晚晴捧着那道明黄旨意,笑得见牙不见眼:“姑娘,咱们总算熬出头了!以后再也不用看那些人的脸色了!”
青禾却仔细将旨意折好,放进樟木匣子里,低声道:“位份升了,规矩更要守。这宫里,爬得越高,风越烈。”
沈令微正坐在窗前描花样子,闻言抬头笑了笑:“青禾说得是。不过是升了一级,犯不着张扬。”
话虽如此,钟粹宫的门槛却明显热闹起来。先前对延禧宫避之不及的小太监,如今见了晚晴都要笑着问安;各宫送来的帖子堆了半桌,有邀赏花的,有请品茶的,字里行间都透着亲近。
沈令微只拣了几张不太扎眼的回了,其余的都让青禾收了起来。她心里清楚,这些示好,不过是冲着“皇上看重”四个字来的。一旦失了这份看重,今日的热络,明日就可能变成踩脚石。
这日午后,苏绾绾带着落雁来了,手里提着个食盒,脸上带着怯生生的笑意:“令微,我做了些杏仁酥,给你送来尝尝。”
沈令微让晚晴接过食盒,拉她在榻边坐下:“你倒是有心,还记得我爱吃这个。”
“咱们从小一起长大,我哪能忘。”苏绾绾打开食盒,里面的杏仁酥做得精致,上面还撒了层细细的白糖,“只是……我手艺不如伯母,你别嫌弃。”
“怎么会。”沈令微拿起一块尝了尝,甜而不腻,还是记忆里的味道,“很好吃。”
苏绾绾见她喜欢,脸上的笑意真切了些,却很快又黯淡下去:“令微,我听说……皇上昨日翻了你的绿头牌?”
沈令微手里的杏仁酥顿了顿。昨日萧彻确实留在了钟粹宫,不过两人只是对弈到深夜,他连她的帐子都没进,说是“看你下棋比批阅奏折有趣”。这事按理说不该传出去,如今却传到了苏绾绾耳朵里,显然是有人故意散播。
“只是陪皇上下了盘棋。”沈令微淡淡道,“没别的事。”
苏绾绾点点头,手指却无意识地绞着帕子:“那就好。我还怕……还怕你忘了咱们刚入宫时说的话。”

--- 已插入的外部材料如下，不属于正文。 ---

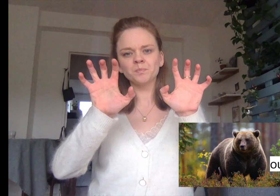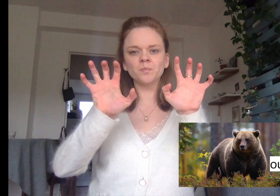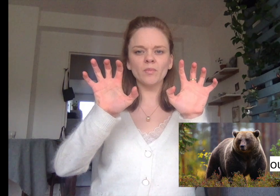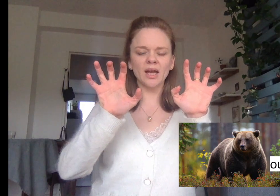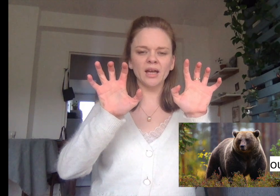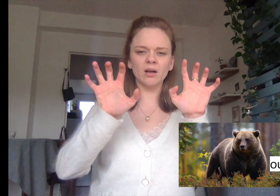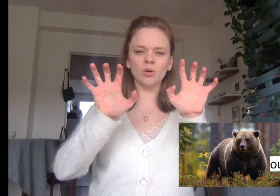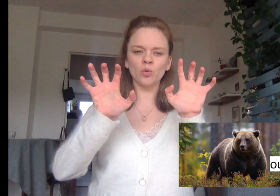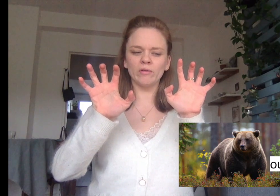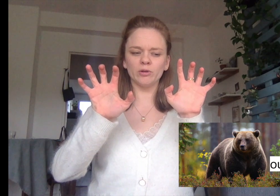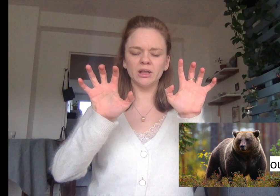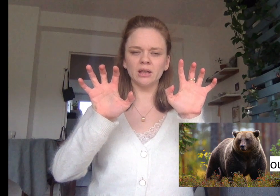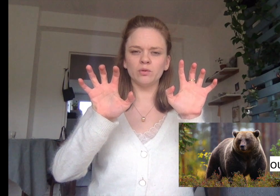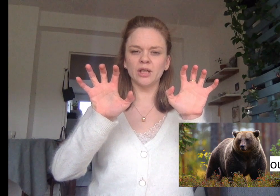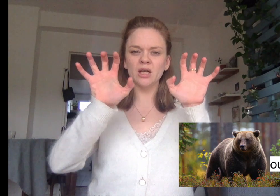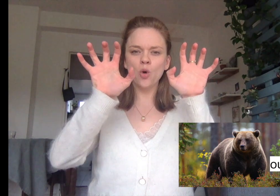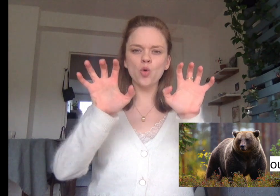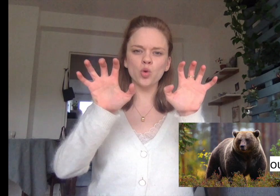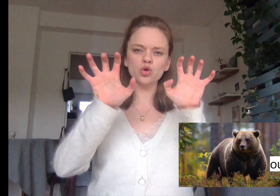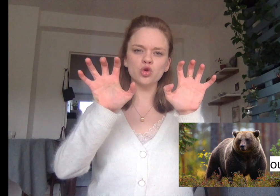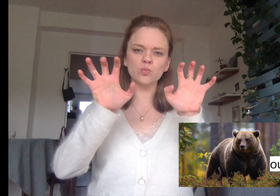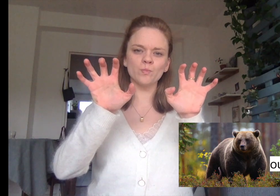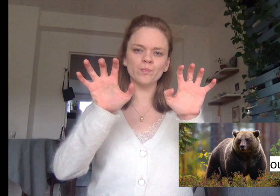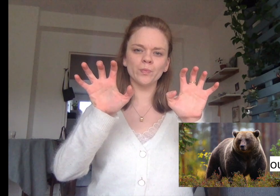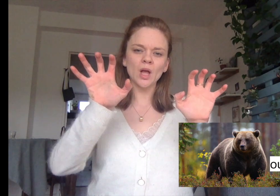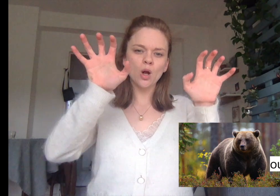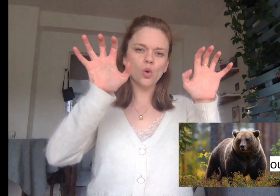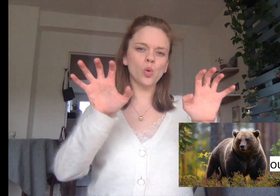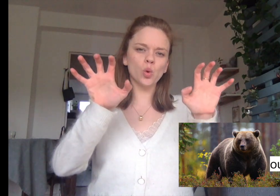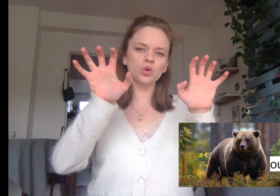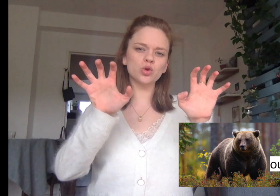Et on va venir l'ébouler. Ours. Ours.

刚入宫时说什么?说只求安稳,不求恩宠。沈令微看着苏绾绾低垂的眉眼,忽然明白她话里的意思。或许在苏绾绾眼里,自己已经成了那个一心争宠的人。
“绾绾,”她握住苏绾绾的手,“无论我位份如何,你永远是我最好的朋友。”
苏绾绾抬头看她,眼里闪过一丝动容,却还是轻轻抽回了手:“我知道了。时辰不早了,我该回去了,免得耽误你歇息。”
她走得匆忙,落雁捧着食盒跟在后面,回头看了沈令微一眼,欲言又止。
晚晴撇撇嘴:“苏常在这是什么意思?好像咱们姑娘得了恩宠,就成了坏人似的。”
沈令微没说话,只是拿起那块没吃完的杏仁酥,慢慢嚼着。甜意里,似乎掺了点说不清的涩。
几日后,宫里忽然传出消息,说张贵人在御花园里赏花时,被掉落的假山上的石头砸伤了腿,虽不重,却也得卧床休养。
这事蹊跷得很,假山石头稳固,怎会突然掉落?一时间,后宫人心惶惶,都说是有人故意为之。
晚晴从外面打探消息回来,脸色发白:“姑娘,我听御花园的小太监说,张贵人出事前,有人看到……看到云溪在假山附近徘徊。”
沈令微手里的茶盏猛地一顿,茶水溅出些许:“你说什么?”
“真的!”晚晴急道,“小太监说,云溪鬼鬼祟祟的,还往假山上扔了块小石子,没过多久,石头就掉下来了!”
青禾也皱紧了眉:“云溪是苏常在的贴身宫女,她怎么会……”
沈令微放下茶盏,指尖冰凉。云溪性子沉稳,不是鲁莽的人,更不会无缘无故去招惹张贵人。这事若是真的,背后定然有人指使;若是假的,那就是有人故意栽赃,而栽赃的目标,未必是苏绾绾,更可能是……自己。
“走,去延禧宫。”沈令微起身就往外走。
晚晴拉住她:“姑娘,这时候去不合适吧?万一被人看到,说咱们跟这事有关……”
“顾不得那么多了。”沈令微脚步不停,“绾绾性子软,遇到这种事定然慌了神,我得去看看。”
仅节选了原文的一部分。